▸ Work order
Below are some records. Copy every line in them that holds "ragged".

(Extracted records)
◇ ◇ ◇

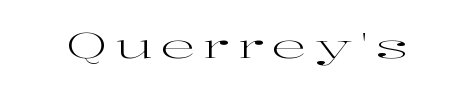
{"serif": "yes", "italic": "no", "bold": "no", "weight": "regular", "width": "wide", "stroke_contrast": "high", "x_height": "medium", "monospaced": "no", "underline": "no", "letter_spacing": "wide", "letter_spacing_em": 0.23, "glyph_px": 35}
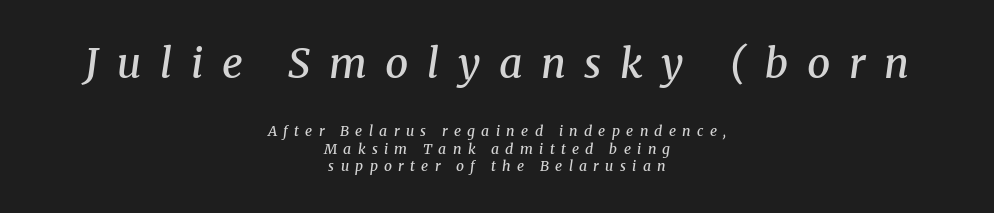
{"serif": "yes", "italic": "yes", "lean": "right", "slant_degrees": 8, "bold": "semi", "weight": "semibold", "width": "normal", "stroke_contrast": "medium", "x_height": "medium", "monospaced": "no", "underline": "no", "align": "center", "line_spacing": "normal", "line_spacing_ratio": 1.27, "letter_spacing": "wide", "letter_spacing_em": 0.45, "larger_block": "first", "size_ratio": 2.93, "glyph_px": 41}
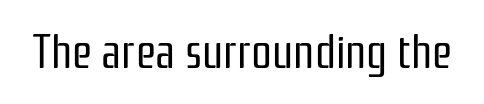
The image shows 46 px regular-weight, condensed sans-serif type, upright; set normal letter spacing, not underlined; low stroke contrast and a medium x-height.
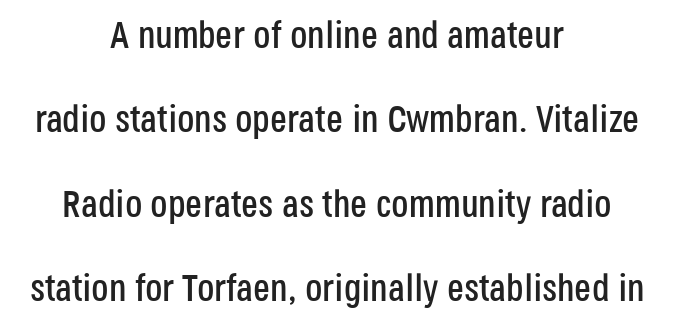
{"serif": "no", "italic": "no", "width": "condensed", "stroke_contrast": "low", "x_height": "large", "monospaced": "no", "underline": "no", "align": "center", "line_spacing": "loose", "line_spacing_ratio": 2.22, "letter_spacing": "normal", "letter_spacing_em": 0.0, "glyph_px": 38}
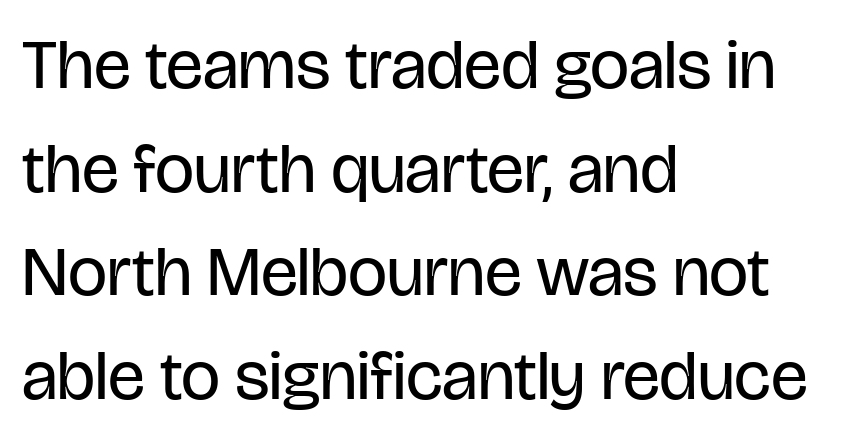
Q: Is the text bold? A: No.
Q: Is the text italic (slanted)? A: No, it is upright.
Q: Is the typeface a serif or a sans-serif typeface? A: Sans-serif.
Q: Is the text underlined? A: No.
Q: How is the paragraph aligned? A: Left-aligned.
Q: Is the spacing between letters normal or unusually wide? A: Normal.
Q: Is the spacing between lines tight, normal or loose? A: Normal.
Q: Width (condensed, normal, or wide)? A: Condensed.
Q: Stroke contrast? A: Low.
Q: x-height? A: Large.
Q: Monospaced? A: No.
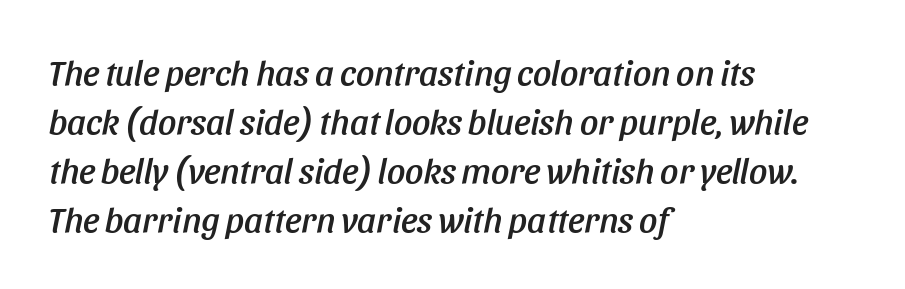
The image shows 36 px condensed type, italic (leaning right); set left-aligned, normal line spacing (1.36x), normal letter spacing, not underlined; low stroke contrast and a large x-height.
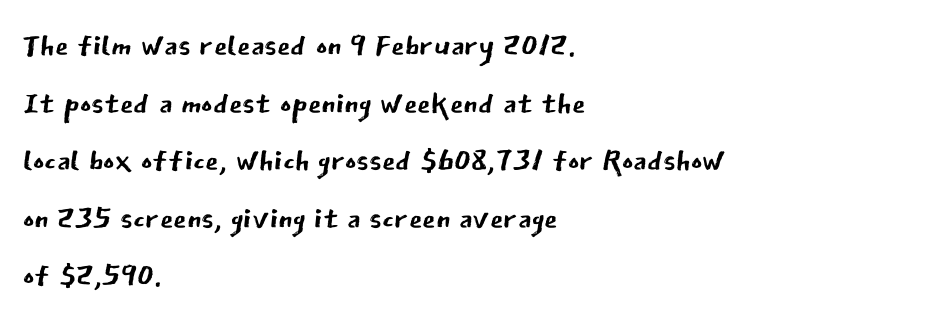
The text block is weighted toward the left margin, trailing off unevenly rightward. Glance below the letters and you will spot only blank space. Nothing heavy about these letters — not bold at all. Upright lettering throughout.
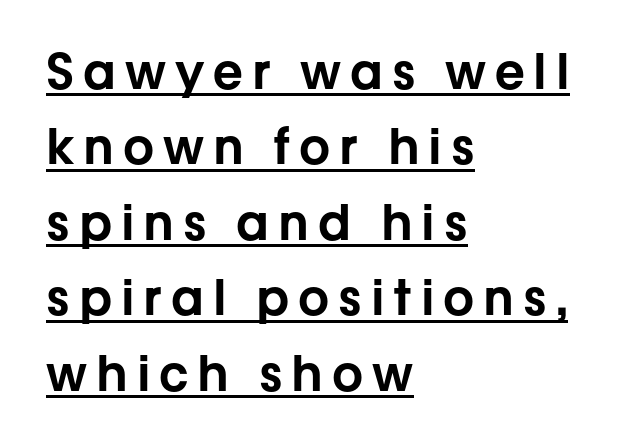
What's the leading like? Ordinary, nothing unusual. A sans-serif font was chosen for this passage. The ragged edge is on the right, which tells us the setting is flush left. The passage shown is underscored from start to finish.
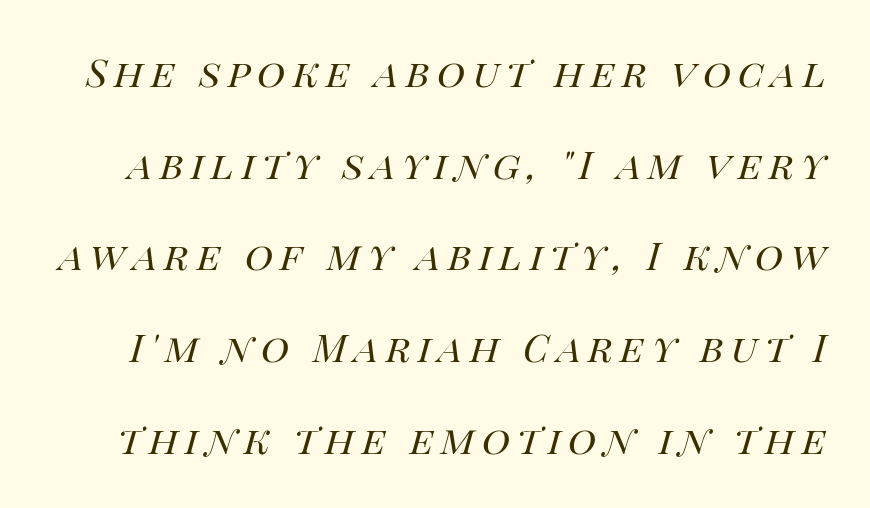
The rendering uses a large line-height, opening up the rows. Words float on clear page, feet unadorned. Character widths vary here, with narrow letters taking less room than wide ones. Rendered with sloped, italic letterforms. Weight: not bold — regular or lighter.
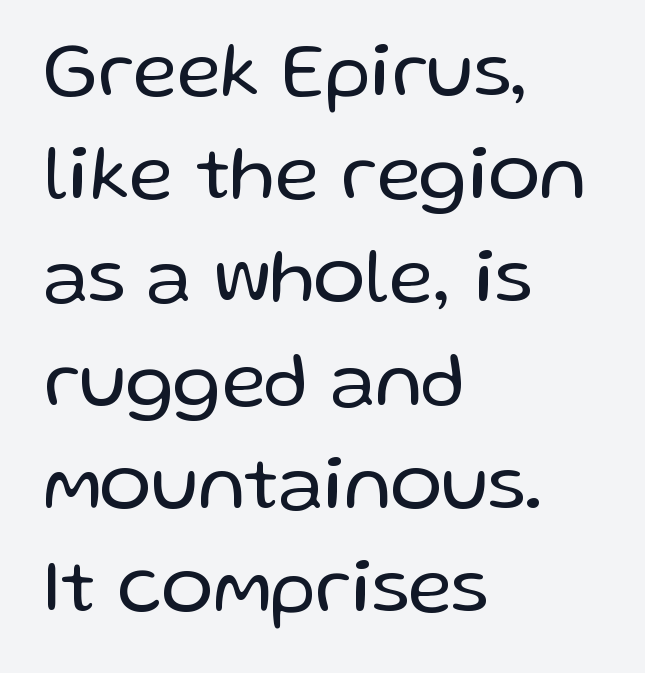
{"serif": "no", "italic": "no", "bold": "no", "weight": "regular", "width": "normal", "stroke_contrast": "low", "x_height": "medium", "monospaced": "no", "underline": "no", "align": "left", "line_spacing": "normal", "line_spacing_ratio": 1.34, "letter_spacing": "normal", "letter_spacing_em": 0.0, "glyph_px": 77}
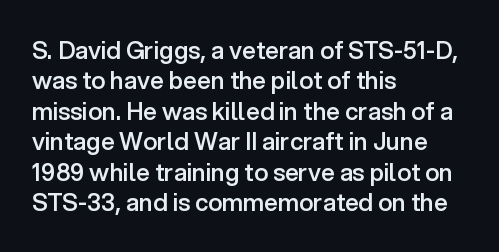
The paragraph shown leans on its left margin. A bit beefed up — I'd call it semibold rather than bold. The area under the type is left untouched. The horizontal fit of the characters is conventional and even. Students, observe: this is what conventionally led text looks like.
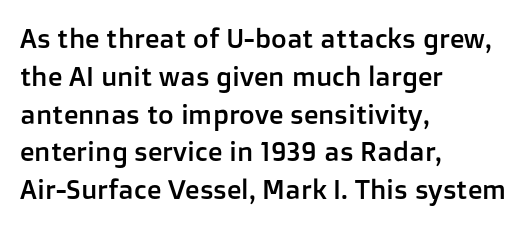
The ragged edge is on the right, which tells us the setting is flush left. Underline: absent. Does the leading feel generous? No, just average. The type is set solid horizontally, with unmodified tracking.
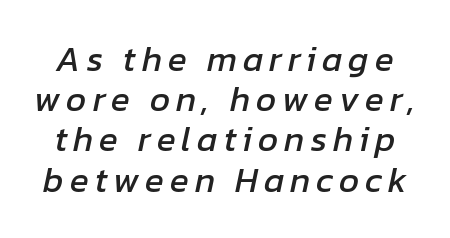
Q: Is the text italic (slanted)? A: Yes, it leans right by about 12 degrees.
Q: Is the text underlined? A: No.
Q: Is the spacing between lines tight, normal or loose? A: Tight.
Q: Width (condensed, normal, or wide)? A: Normal.
Q: Stroke contrast? A: Low.
Q: x-height? A: Medium.
Q: Monospaced? A: No.
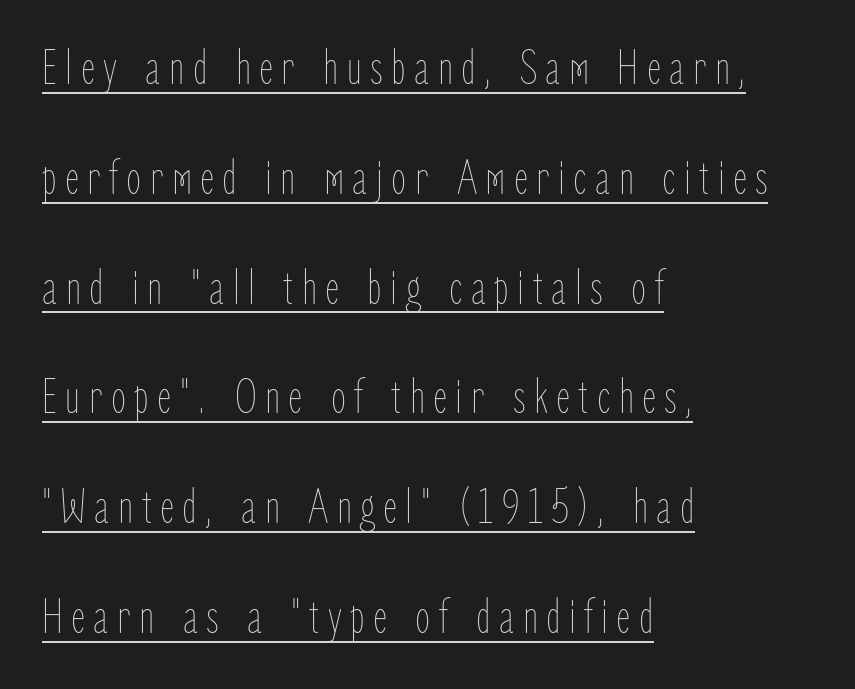
{"italic": "no", "bold": "no", "weight": "thin", "width": "condensed", "stroke_contrast": "low", "x_height": "medium", "monospaced": "no", "underline": "yes", "align": "left", "line_spacing": "loose", "line_spacing_ratio": 2.24, "glyph_px": 49}
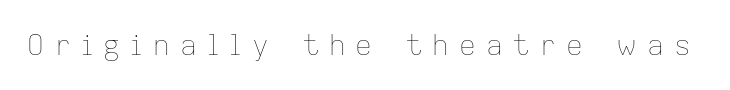
{"italic": "no", "bold": "no", "weight": "thin", "width": "normal", "stroke_contrast": "low", "x_height": "medium", "monospaced": "no", "underline": "no", "letter_spacing": "wide", "letter_spacing_em": 0.36, "glyph_px": 28}
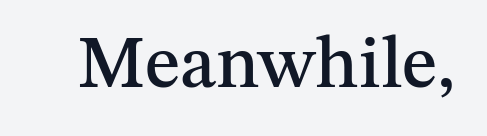
The image shows 73 px serif type, upright; set normal letter spacing, not underlined; medium stroke contrast and a medium x-height.
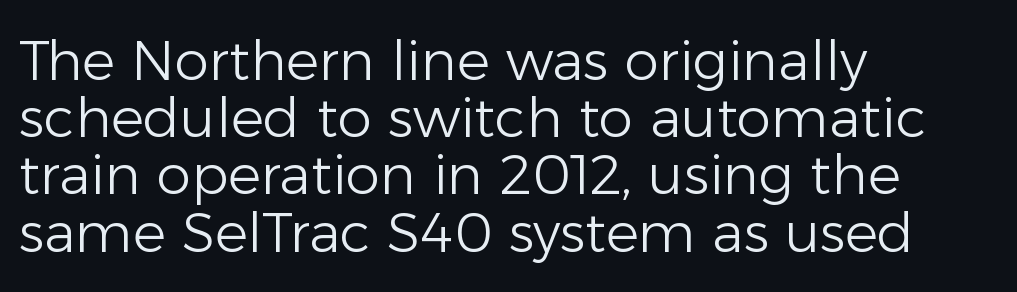
{"serif": "no", "italic": "no", "bold": "no", "weight": "light", "width": "normal", "stroke_contrast": "low", "x_height": "medium", "monospaced": "no", "underline": "no", "align": "left", "line_spacing": "tight", "line_spacing_ratio": 1.04, "letter_spacing": "normal", "letter_spacing_em": 0.0, "glyph_px": 55}
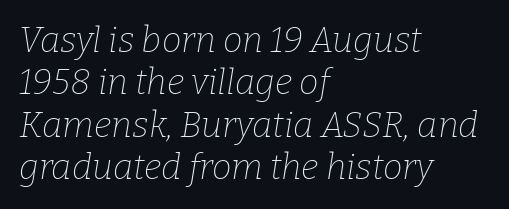
These lines are rendered in a variable-pitch font. The type family on display is of the serif kind. The face used here has a pronounced slope to its letters. This sample is left-justified, so line endings fall wherever the words run out. Unmarked baselines from the first word to the last. Weight class: somewhere from thin through regular.

◇ ◇ ◇

▸ Solution below
What's the leading like? Ordinary, nothing unusual. A sans-serif font was chosen for this passage. The ragged edge is on the right, which tells us the setting is flush left. The passage shown is underscored from start to finish.
The ragged edge is on the right, which tells us the setting is flush left. Underline: absent. Does the leading feel generous? No, just average. The type is set solid horizontally, with unmodified tracking.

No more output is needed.